I have a GLM model with 4 event regressors. 3/4 events occur 7-12 times per scanning session, and one event occurs 1-4 times per scanning session. I have a total of 31 participants.

However, for some participants, the sparse event occurs more frequent than for others, resulting in an unbalanced count both across participants and across conditions.

You can technically analyze the data just as you would with any other GLM, but you just have to keep in mind that the error surrounding the beta coefficients for your sparser event will probably be larger than with your more frequent events. This means that your test statistics (T/Z) for that sparse condition will be likely also be smaller, since these variables take variance of beta coefficients into account. However, you usually aren’t converting to T/Z stats until the end (e.g., after contrasting betas from different conditions).
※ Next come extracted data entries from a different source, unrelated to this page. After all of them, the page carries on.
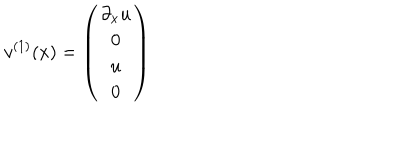
v ^ { ( 1 ) } ( x ) = \left( \begin{array} { c } { { \partial _ { x } u } } \\ { { 0 } } \\ { { u } } \\ { { 0 } } \\ \end{array} \right)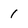
Character: 1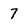
Character: 7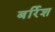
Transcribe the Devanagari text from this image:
बर्रिश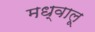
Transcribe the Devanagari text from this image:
मध्वालू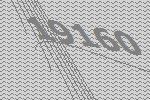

Hey thanks for the rapid feedback,
I performed my analysis, which yielded some very interesting results, but I was given some feedback that because there is the problem of heteroskedasticity, the assumptions of the traditional summary statistics approach are not valid. Therefore, I cannot move the betas at the second level and do inference on them using a t-test for example.
Because of that, I am trying to find additional ways to do inference. Is there another approach, or a way to justify the summary statistics approach ?

I think that in your case, a paired t-test is valid. It may be suboptimal in terms of power, but I don’t see a fundamental for it to be invalid.
By paired t-test, I means that you want to test the reponse difference btw the target condition with fewer trials and another one.
HTH,
Bertrand Thirion